- CD cover
- Directed by: Aditya Sood
- Produced by: Jagdish Sahota
- Starring: Jimmy Sharma Tarun Khanna Gurpreet Ghuggi Gunjan Walia Shakti Kapoor
- Music by: Santokh Singh
- Release date: 3 December 2010;
- Country: India
- Language: Punjabi

= Mar Jawan Gur Khake =

Mar Jawan Gur Khake is a 2010 Punjabi film directed by Aditya Sood and produced by Jagdish Sahota. The film was released on 3 December 2010.

== Plot ==
Jimmy (Jimmy Sharma) and Rocky (Tarun Khanna) are enemies who are involved in fights / brawls daily. They fall in love with Mehak (Gunjan Walia) who is already in love with a secret-gangster Karan (Aman Verma). When Karan gets arrested and put in jail by Inspector (Gurpreet Ghuggi), Mehak's father, a bigger don that Karan asks Rocky and Jimmy to rescue him, although the two lovers do not know that Mehak and Karan would get married. When they rescue him and take him back, they seem to find out the truth and Meha also finds out about Karan's real crime identity. When Karan shoots Jimmy, he survives but goes to the hospital. That is when Mehak tells him that she actually loves Rocky. Karan then gets arrested.

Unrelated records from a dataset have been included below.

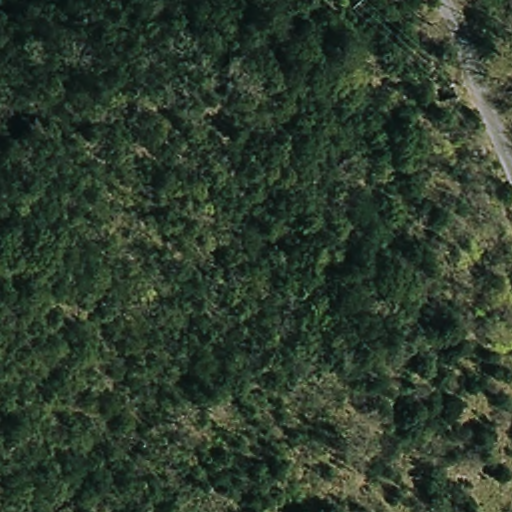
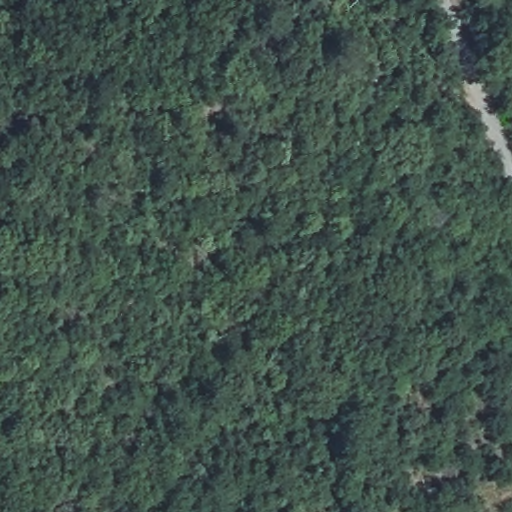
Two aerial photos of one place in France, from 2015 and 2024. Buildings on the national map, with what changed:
unchanged [(443,80),(451,98),(429,107),(421,89),(443,80)]

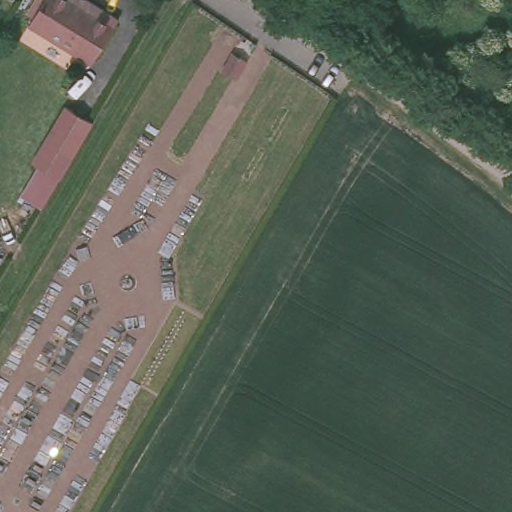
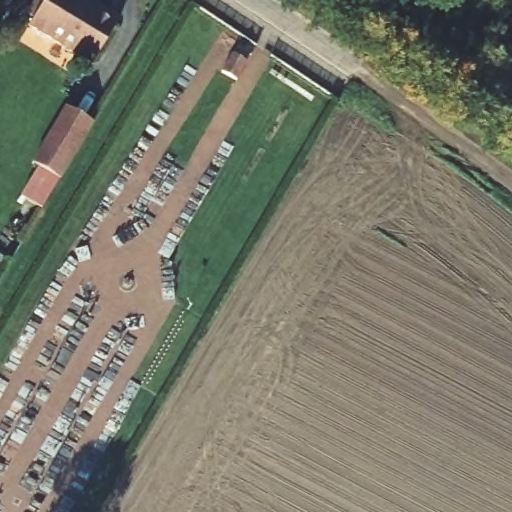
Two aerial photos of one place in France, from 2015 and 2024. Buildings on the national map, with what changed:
unchanged [(79,4),(83,0),(84,0),(116,20),(90,63),(25,26),(41,0),(72,0),(79,4)]
unchanged [(248,63),(236,82),(222,73),(233,53),(248,63)]
unchanged [(87,116),(53,174),(25,159),(60,102),(87,116)]

The film ends with Rocky and Mehak getting married, as Jimmy comes to wish them.

==Cast==
- Jimmy Sharma as Jimmy
- Tarun Khanna as Rocky, Mehak's Husband
- Gunjan Walia as Mehak, Rocky's wife
- Gurpreet Ghuggi as Sr. Inspector
- Shakti Kapoor as Don
- Sanjay Mishra as Professor Mishra
- Upasana Singh as Harleen Madam
- Aman Verma as Karan
- Mehar Mittal as DJ Walia
- Gopi Bhalla as Gopi
- Bobby Darling in a special appearance.